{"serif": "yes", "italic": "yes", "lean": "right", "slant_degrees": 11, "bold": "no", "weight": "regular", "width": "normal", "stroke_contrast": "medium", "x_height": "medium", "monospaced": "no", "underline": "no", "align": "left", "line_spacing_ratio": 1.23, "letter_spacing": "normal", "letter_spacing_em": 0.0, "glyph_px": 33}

——————————

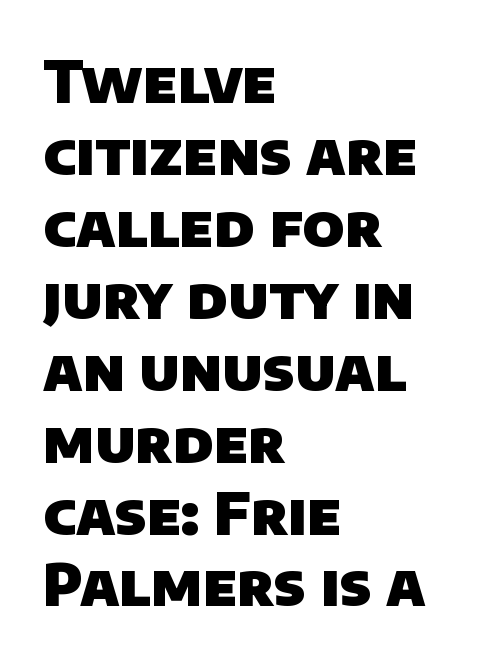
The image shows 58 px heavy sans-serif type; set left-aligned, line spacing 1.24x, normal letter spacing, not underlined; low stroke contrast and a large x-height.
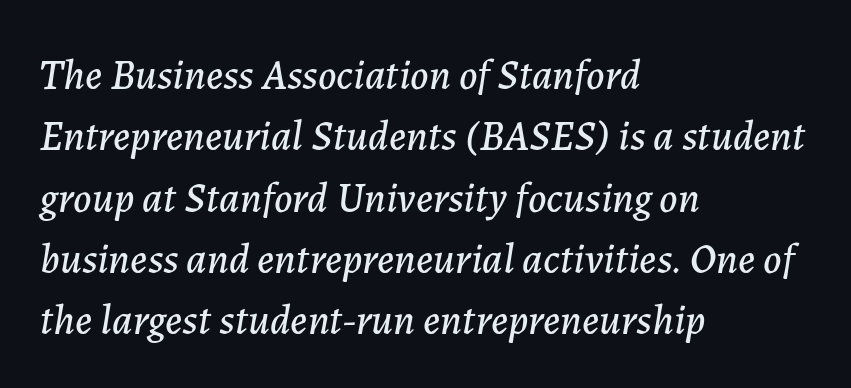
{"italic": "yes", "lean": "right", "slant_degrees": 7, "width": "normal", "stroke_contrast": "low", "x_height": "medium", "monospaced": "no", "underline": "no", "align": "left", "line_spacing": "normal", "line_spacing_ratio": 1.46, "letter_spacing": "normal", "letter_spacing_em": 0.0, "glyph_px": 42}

——————————

In the listing above, find each line with "medium" and copy it.

{"serif": "yes", "italic": "yes", "lean": "right", "slant_degrees": 11, "bold": "no", "weight": "regular", "width": "normal", "stroke_contrast": "medium", "x_height": "medium", "monospaced": "no", "underline": "no", "align": "left", "line_spacing_ratio": 1.23, "letter_spacing": "normal", "letter_spacing_em": 0.0, "glyph_px": 33}
{"italic": "yes", "lean": "right", "slant_degrees": 7, "width": "normal", "stroke_contrast": "low", "x_height": "medium", "monospaced": "no", "underline": "no", "align": "left", "line_spacing": "normal", "line_spacing_ratio": 1.46, "letter_spacing": "normal", "letter_spacing_em": 0.0, "glyph_px": 42}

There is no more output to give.